# Cold this morning



## timeflies (Oct 3, 2007)

But turned out to be a nice day weather-wise. I wish I could say the same about the fish! We were outside the pass at 7 this morning hunting pompano and redfish. Clear water and winds out of the NNE most of the morning. Did not see a single pod of FA, redfish or confirmed pompano all freakin day. Managed one flounder and a mess of bluefish on fly. Headed into the pass to go old school on some deep holes and picked up a single pompano and some recreational red snapper. Pretty desolate out there. Called it off around 1 ish.

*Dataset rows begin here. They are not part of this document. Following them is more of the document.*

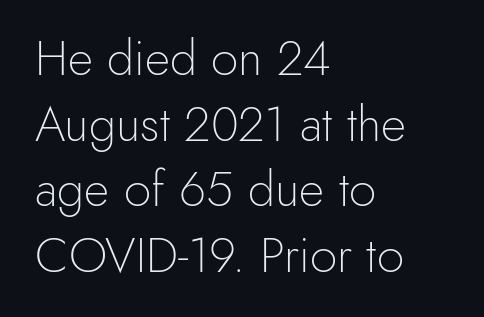
Weight class: somewhere from thin through regular. The space between consecutive lines is moderate. The paragraph has a hard left edge and a soft right edge. Looks like regular typesetting: each glyph gets only the width it needs. Bare-footed words on every line.
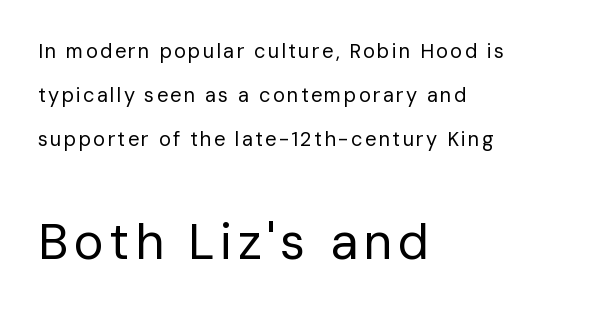
{"serif": "no", "italic": "no", "bold": "no", "weight": "regular", "width": "normal", "stroke_contrast": "low", "x_height": "medium", "monospaced": "no", "underline": "no", "align": "left", "line_spacing": "loose", "line_spacing_ratio": 2.19, "larger_block": "second", "size_ratio": 2.5, "glyph_px": 50}
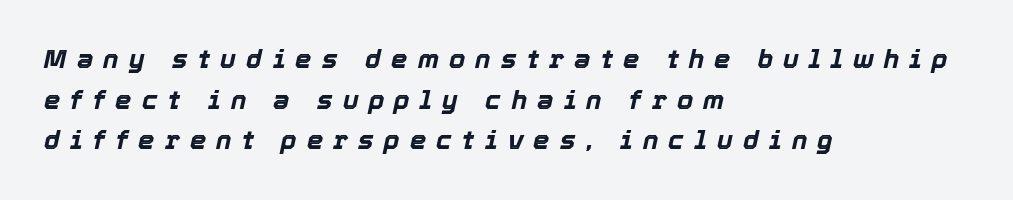
The image shows 26 px bold type, italic (leaning right); set left-aligned, normal line spacing (1.56x), unusually wide letter spacing (+0.39 em), not underlined.
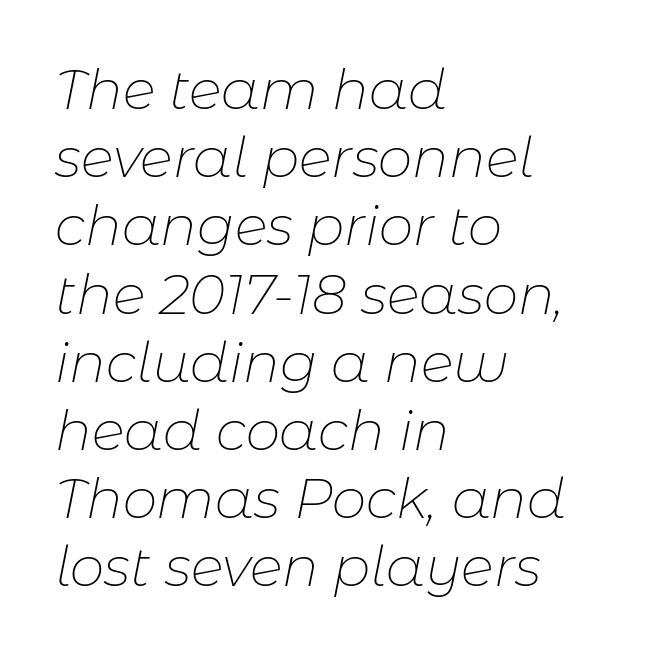
{"italic": "yes", "lean": "right", "slant_degrees": 11, "bold": "no", "weight": "thin", "width": "normal", "stroke_contrast": "low", "x_height": "medium", "monospaced": "no", "underline": "no", "align": "left", "line_spacing_ratio": 1.24, "letter_spacing": "normal", "letter_spacing_em": 0.0, "glyph_px": 55}
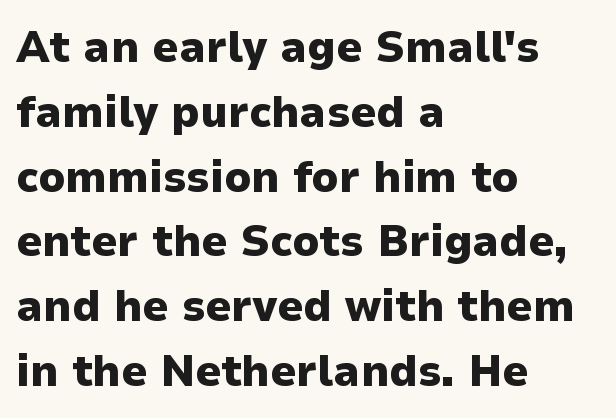
The image shows 45 px heavy sans-serif type, upright; set left-aligned, normal line spacing (1.44x), normal letter spacing, not underlined; low stroke contrast and a medium x-height.
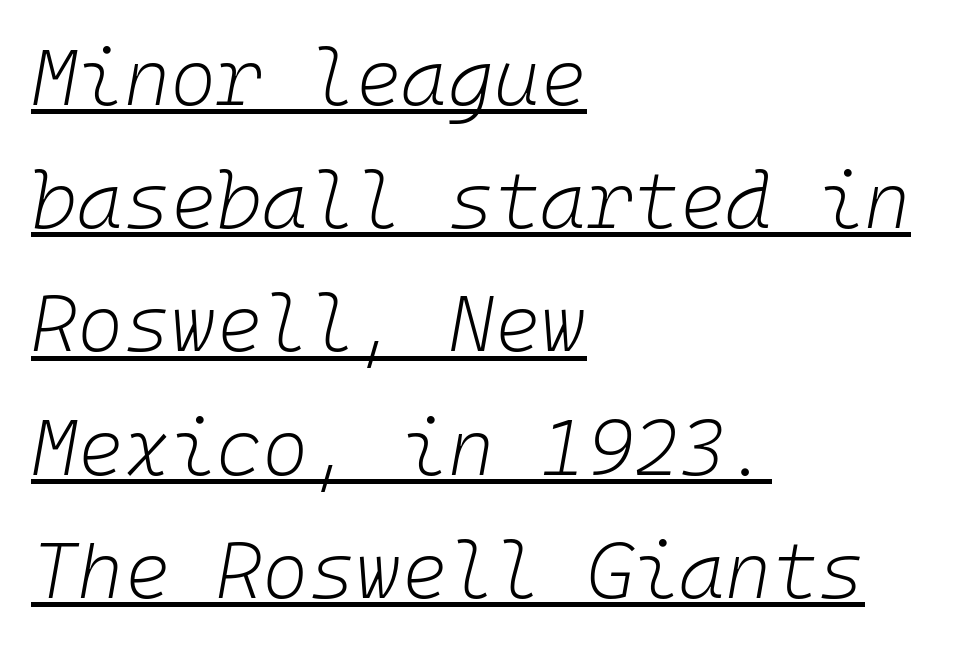
The image shows 79 px light type, italic (leaning right), monospaced; set left-aligned, normal line spacing (1.56x), normal letter spacing, underlined; low stroke contrast and a medium x-height.
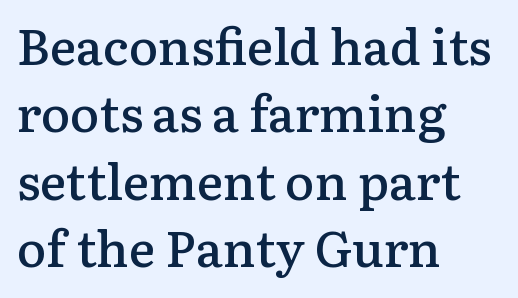
Q: Is the text bold? A: Semi-bold.
Q: Is the text italic (slanted)? A: No, it is upright.
Q: Is the typeface a serif or a sans-serif typeface? A: Serif.
Q: Is the text underlined? A: No.
Q: How is the paragraph aligned? A: Left-aligned.
Q: Is the spacing between letters normal or unusually wide? A: Normal.
Q: Is the spacing between lines tight, normal or loose? A: Normal.
Q: Width (condensed, normal, or wide)? A: Normal.
Q: Stroke contrast? A: Low.
Q: x-height? A: Medium.
Q: Monospaced? A: No.
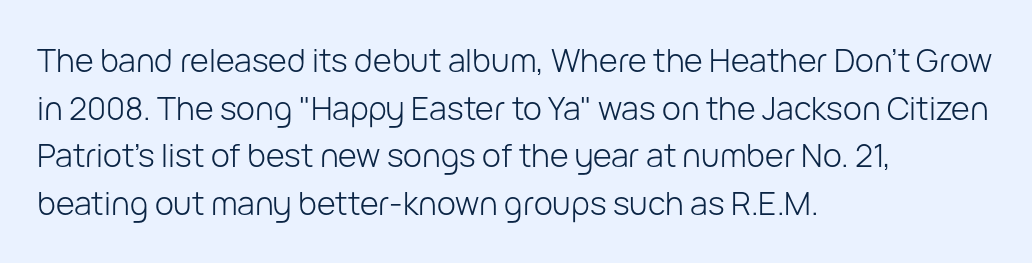
The image shows 32 px light sans-serif type, upright; set left-aligned, normal line spacing (1.49x), normal letter spacing, not underlined; low stroke contrast and a medium x-height.
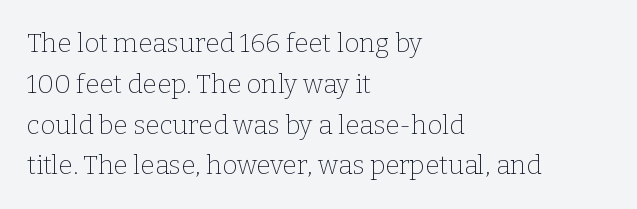
Q: Is the text bold? A: No.
Q: Is the text italic (slanted)? A: No, it is upright.
Q: Is the text underlined? A: No.
Q: How is the paragraph aligned? A: Left-aligned.
Q: Is the spacing between letters normal or unusually wide? A: Normal.
Q: Is the spacing between lines tight, normal or loose? A: Normal.
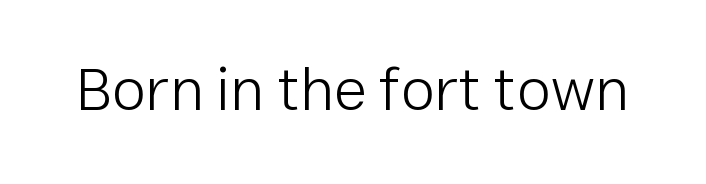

Ran into a pretty sweet BC Ghost on the first bar though. MFeldman maybe? Slick ride....
Forgot to add, the flounder ate a bonefish bitters tan and pumpkin. The bluefish would have ate a dog biscuit if it was in front of them. No pictures because they are freaking bluefish....


----------



## MerkDeez (Nov 20, 2011)

Time flies, ahh nice to put a name to a boat, That was me. Glad I ran into you, it completely slipped my mind about presenting a fly to a blue. It was good practice for a noob like myself. The fishing was definetly slow today, but the wind died off and the weather was awesome. We headed in to peg legs around 1 as well and had a few brews. We did manage to find a floating 10+ lb snapper and marked an awesome hole in the bay right below him. 
Thanks for the compliment on the boat. It is for sale if anyone is interested.


----------



## CaptHarry (Oct 13, 2007)

Thanks for the report. Makes me feel a little better on my skunk Sunday. .....and I can assure you, it was still better than my day in the office


----------